Di balik keindahan alam yang luar biasa tersebut, ia tidak menepis rasa prihatin melihat masih maraknya persoalan sampah plastik yang berserakan di kawasan wisata. Selain masalah sampah, ancaman kerusakan lingkungan lain seperti bencana kebakaran hutan dan lahan (karhutla) juga dinilai menuntut perhatian serius karena berdampak langsung pada polusi udara dan kerugian kebun masyarakat.

Menurutnya, sebagian besar kerusakan lingkungan yang terjadi di tengah masyarakat merupakan akibat langsung dari ulah tangan manusia itu sendiri. Oleh karena itu, sudah sepatutnya setiap individu memiliki rasa tanggung jawab moral yang tinggi untuk merawat serta menanggung risiko atas kelestarian alam tempat mereka tinggal.

"Menurut saya, itu kembali kepada diri kita masing-masing. Kalau kita datang ke tempat wisata dan tidak menemukan tempat sampah, bukan berarti kita boleh membuang sampah sembarangan. Sampahnya sebaiknya dibawa pulang," ujar Winelya Syane.
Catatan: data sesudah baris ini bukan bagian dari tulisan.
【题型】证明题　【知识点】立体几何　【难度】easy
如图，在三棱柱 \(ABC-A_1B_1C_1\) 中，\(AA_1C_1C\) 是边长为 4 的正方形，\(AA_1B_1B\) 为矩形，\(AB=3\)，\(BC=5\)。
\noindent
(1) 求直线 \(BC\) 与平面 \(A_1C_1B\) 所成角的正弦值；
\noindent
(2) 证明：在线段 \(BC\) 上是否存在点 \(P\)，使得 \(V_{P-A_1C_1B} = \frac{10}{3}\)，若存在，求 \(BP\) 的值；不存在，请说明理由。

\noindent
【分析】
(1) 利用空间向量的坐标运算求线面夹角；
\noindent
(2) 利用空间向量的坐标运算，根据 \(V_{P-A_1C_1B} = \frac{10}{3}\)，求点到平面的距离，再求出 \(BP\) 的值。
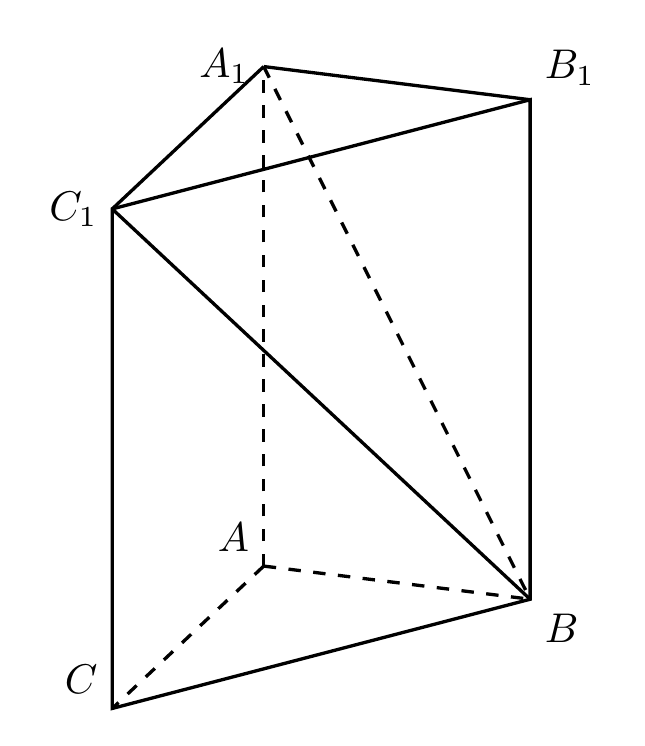
【解答】
\noindent
【分析】
(1) 利用空间向量的坐标运算求线面夹角；
\noindent
(2) 利用空间向量的坐标运算，根据 \(V_{P-A_1C_1B} = \frac{10}{3}\)，求点到平面的距离，再求出 \(BP\) 的值。
\noindent
【解答】解：(1) 因为 \(AA_1C_1C\) 是正方形，\(AA_1B_1B\) 为矩形，
\noindent
所以 \(AA_1 \perp AB\)，\(AA_1 \perp AC\)，且 \(AB\)，\(AC \subset\) 平面 \(ABC\)，\(AB \cap AC = A\)，
\noindent
所以 \(AA_1 \perp\) 平面 \(ABC\)，
\noindent
又因为 \(AB = 3\)，\(AC = 4\)，\(BC = 5\)，所以 \(AB \perp AC\)，
\noindent
因此 \(AB\)，\(AC\)，\(AA_1\) 两两垂直，所以建系如图，

\noindent
则 \(B(0,\ 3,\ 0)\)，\(C(4,\ 0,\ 0)\)，\(A_1(0,\ 0,\ 4)\)，\(C_1(4,\ 0,\ 4)\)，
\noindent
所以 \(\overrightarrow{BC} = (4, -3, 0)\)，\(\overrightarrow{BA_1} = (0, -3, 4)\)，\(\overrightarrow{BC_1} = (4, -3, 4)\)，
\noindent
【点评】本题考查了利用空间向量求空间角，利用空间向量求空间距离和棱柱的结构特征与体积，考查了转化思想和方程思想，属中档题。
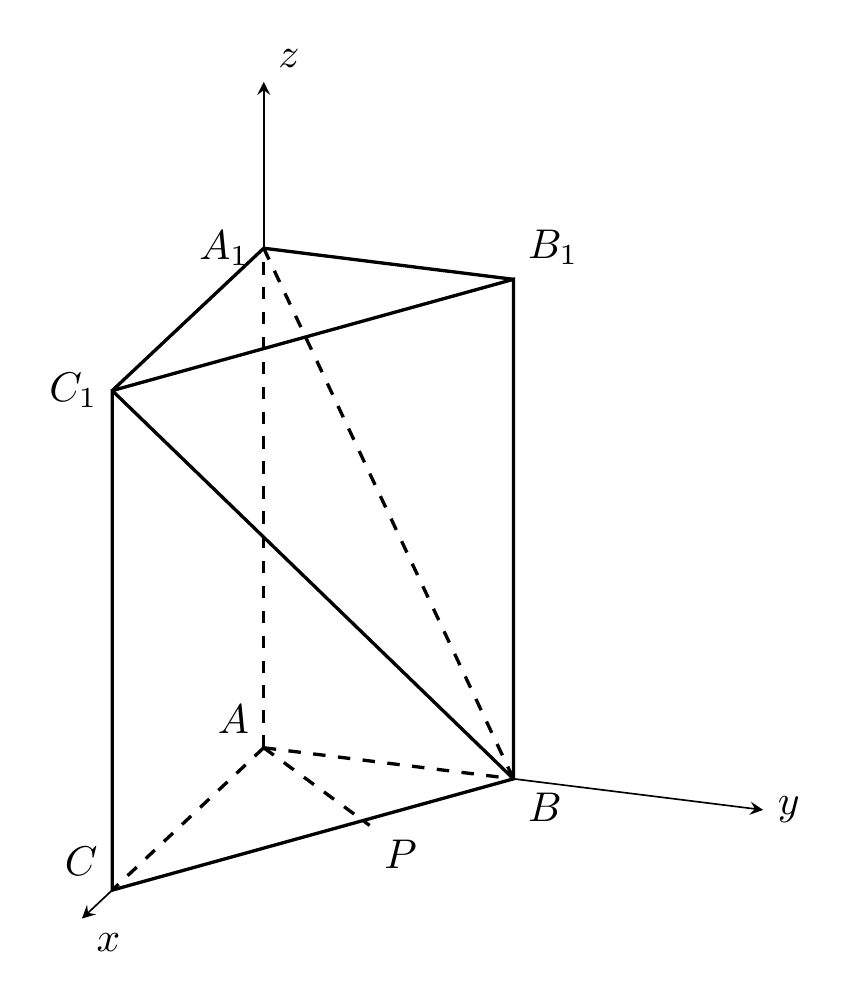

Sebagai bentuk nyata kepeduliannya, Wine bahkan tidak segan untuk menegur secara langsung rekan terdekatnya yang kedapatan membuang sampah sembarangan. Ia menilai kebiasaan kecil seperti membawa pulang sampah pribadi, menggunakan botol minum atau tumbler sendiri, serta mengurangi plastik sekali pakai memiliki dampak besar untuk mencegah penumpukan sampah yang lebih parah akibat peniruan perilaku orang lain.

Menutup perbincangannya, ia berpesan kepada seluruh anak muda Sangihe agar tidak melimpahkan seluruh tanggung jawab penjagaan lingkungan hanya kepada pihak pemerintah saja. Langkah nyata pemeliharaan ekosistem harus dimulai dari diri sendiri, lingkungan kampus, serta ruang pergaulan terdekat demi menjamin masa depan generasi mendatang. (Julfan)

google-preference

Rekomendasi Berita

Berita Terbaru Lainnya

Memuat berita terbaru.....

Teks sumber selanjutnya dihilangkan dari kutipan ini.